Vagal nerve stimulators, introduced recently at Children’s by Dr. C. Stack and Dr. John Grant, are another possible option for palliative treatment. Implanted in a child’s chest, they periodically send an electrical current to the vagal nerve in the neck. The stimulus ascends to the brain and influences the cerebral cortex in such a manner that the seizure threshold is temporarily raised. In one pediatric study, six of 16 children experienced a greater than 50% reduction in seizure frequency during the tenth to twelfth month of treatment with vagus nerve stimulation. More pediatric controlled trials are needed to fully assess the efficacy and safety of this treatment.

OTHER CHALLENGES

Children with epilepsy face many challenges. Usually, the seizures themselves receive the most attention from parents and health care professionals, and these become the focus of office visits and communication between the physician and the family. Sadly, other very important coexistent problems get short shrift, and children are unintentionally left to deal with these vexing issues independently. Ironically, long-term studies have indicated that the vast majority of children enter into seizure remission, but these other issues, including schooling difficulties, attention problems, behavioral disorders, psychiatric conditions, and deficient self-esteem likely contribute to a profound effect on the individual’s ability to achieve their lifetime goals. Indeed, children with epilepsy are two to four times less likely to finish secondary education, marry, have children, and be employed.
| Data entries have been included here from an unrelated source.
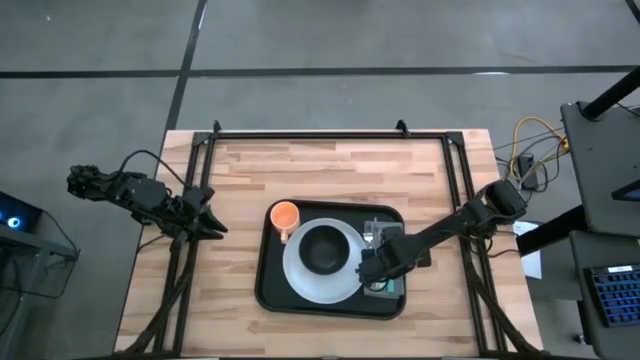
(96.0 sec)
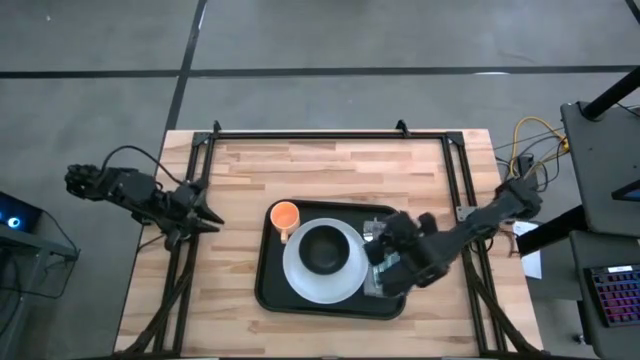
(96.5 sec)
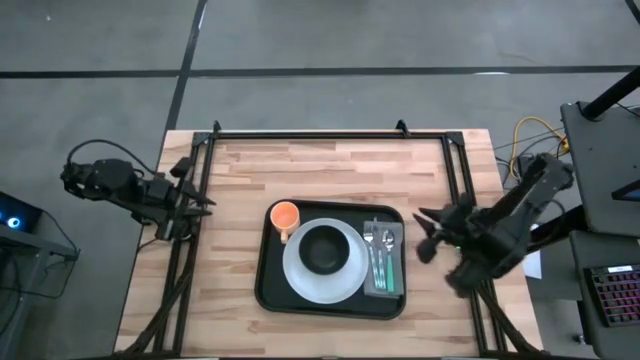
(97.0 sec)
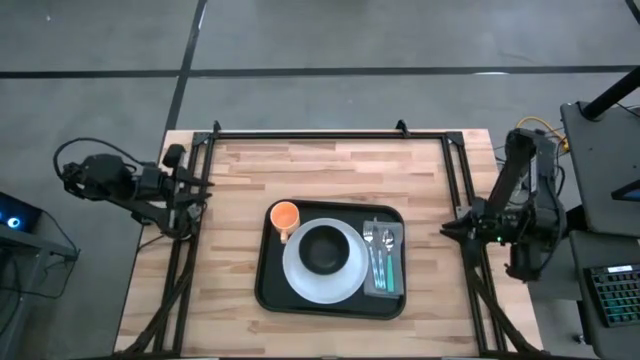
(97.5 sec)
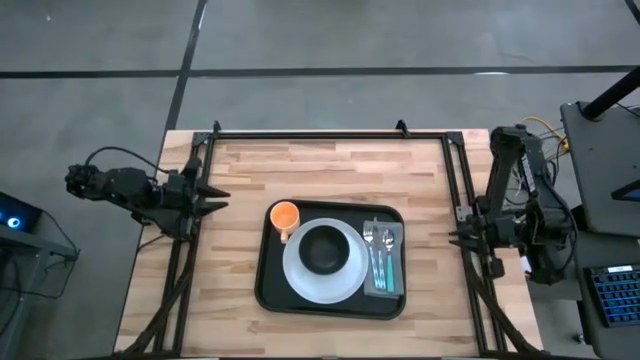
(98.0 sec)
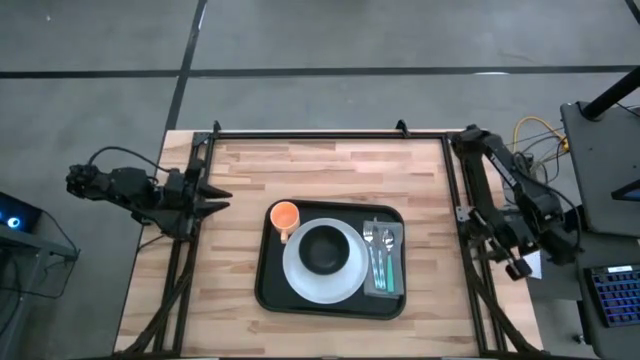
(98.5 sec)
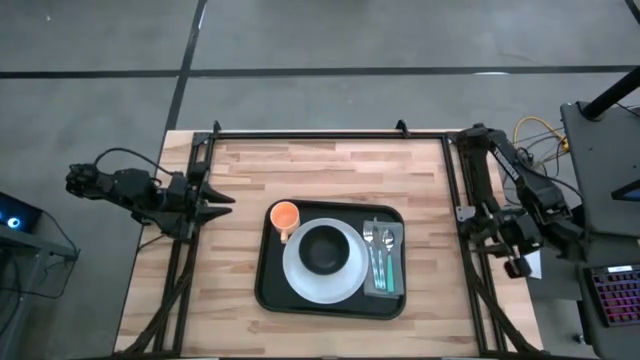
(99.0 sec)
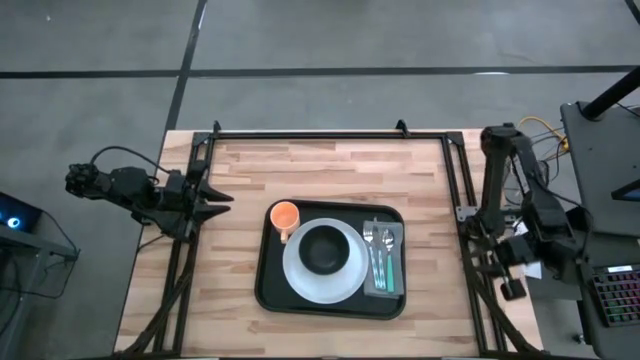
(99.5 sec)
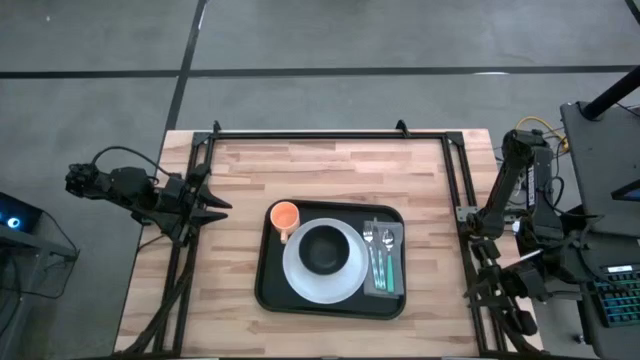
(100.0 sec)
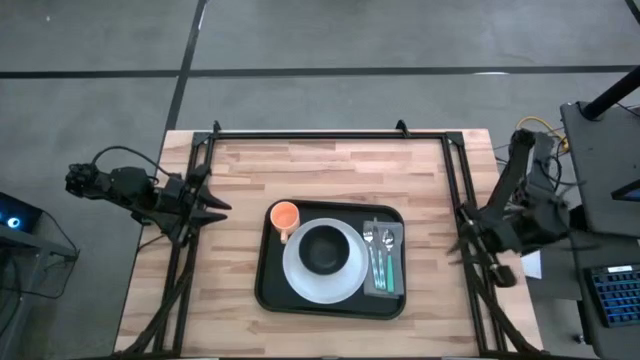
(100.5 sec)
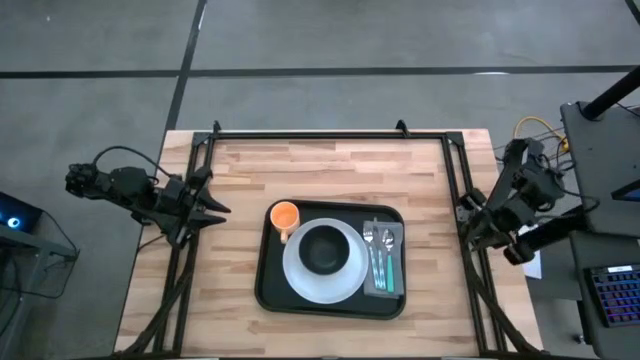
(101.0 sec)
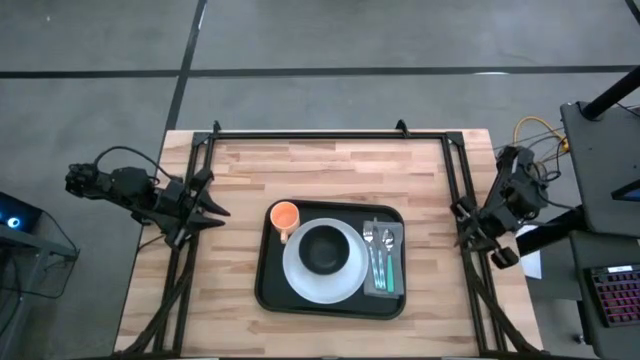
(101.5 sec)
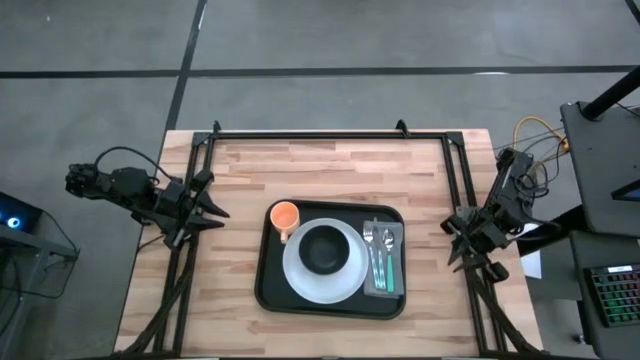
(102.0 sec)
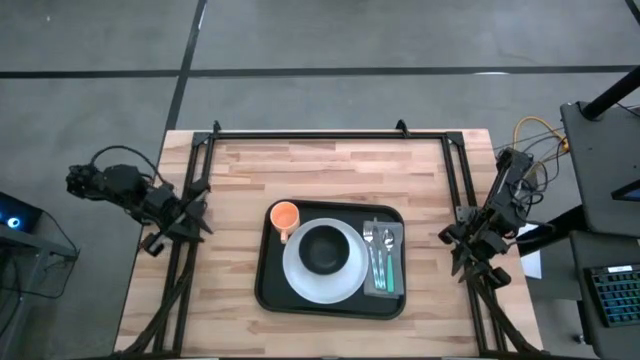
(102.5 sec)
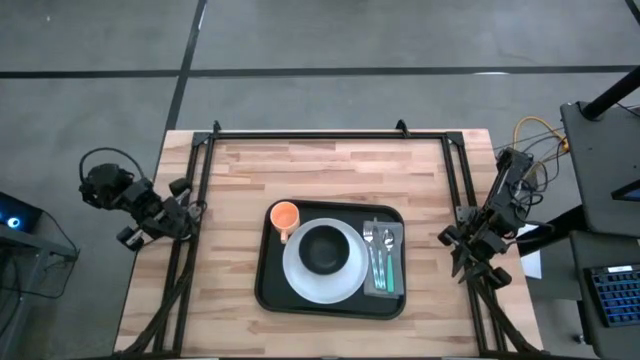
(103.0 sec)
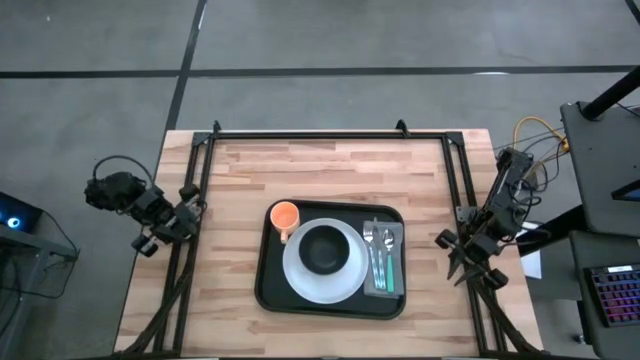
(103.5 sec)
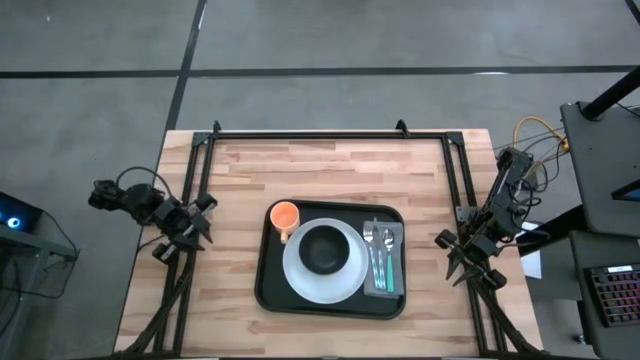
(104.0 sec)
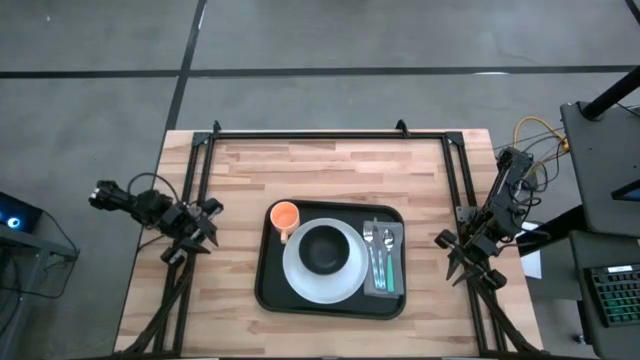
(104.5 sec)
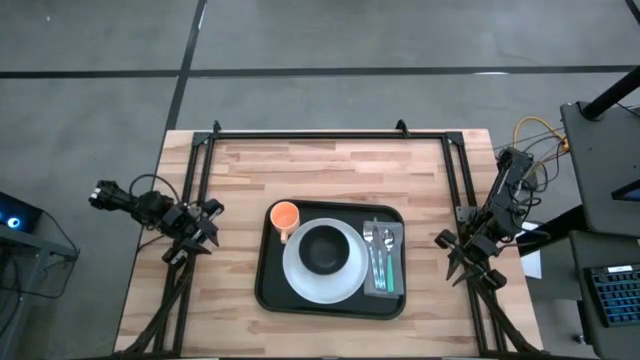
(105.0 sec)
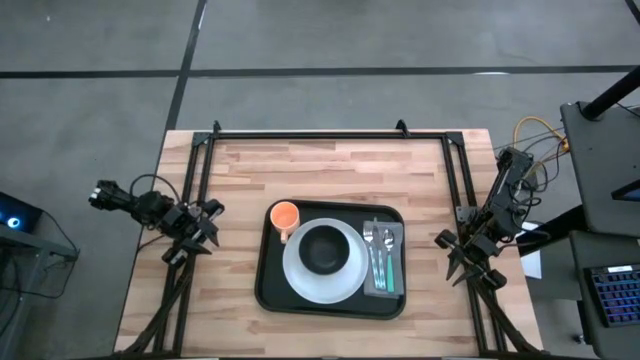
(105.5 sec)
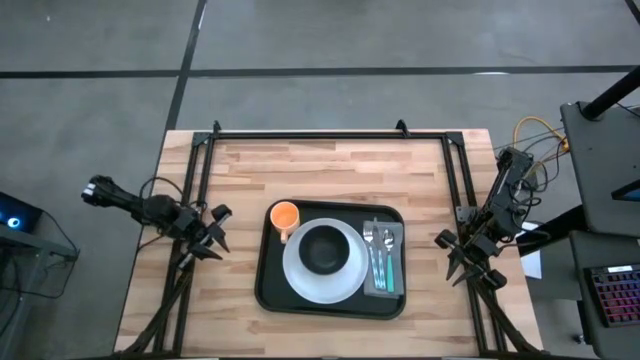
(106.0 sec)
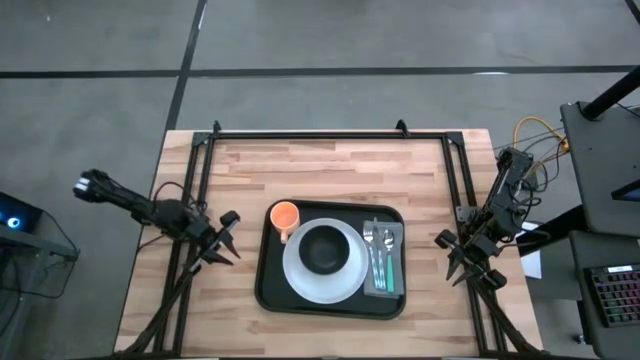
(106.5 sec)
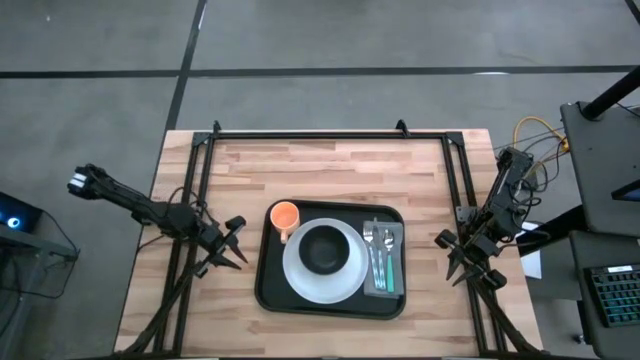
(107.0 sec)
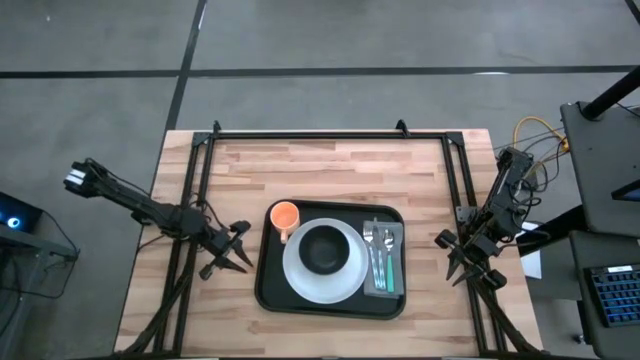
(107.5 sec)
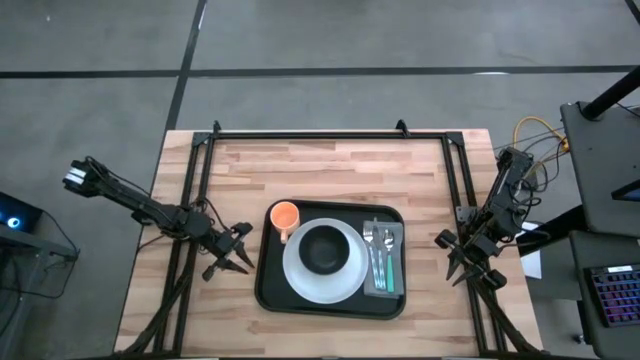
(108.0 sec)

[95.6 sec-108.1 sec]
Task: Set up tray
Return to Home Position

A comprehensive approach to the child with epilepsy can improve these dire statistics by attending to these important co-morbid factors. To do this properly requires a team of professional, dedicated individuals with unique skills and perspectives on normal child growth and development. The comprehensive epilepsy center has a dedicated social worker, Sarah Mass, and a pediatric nurse practitioner, Christine Corns, to aid in these critical aspects.

We firmly believe that these challenges can be best addressed in a facility dedicated exclusively to the care of children, like Children’s Memorial Hospital.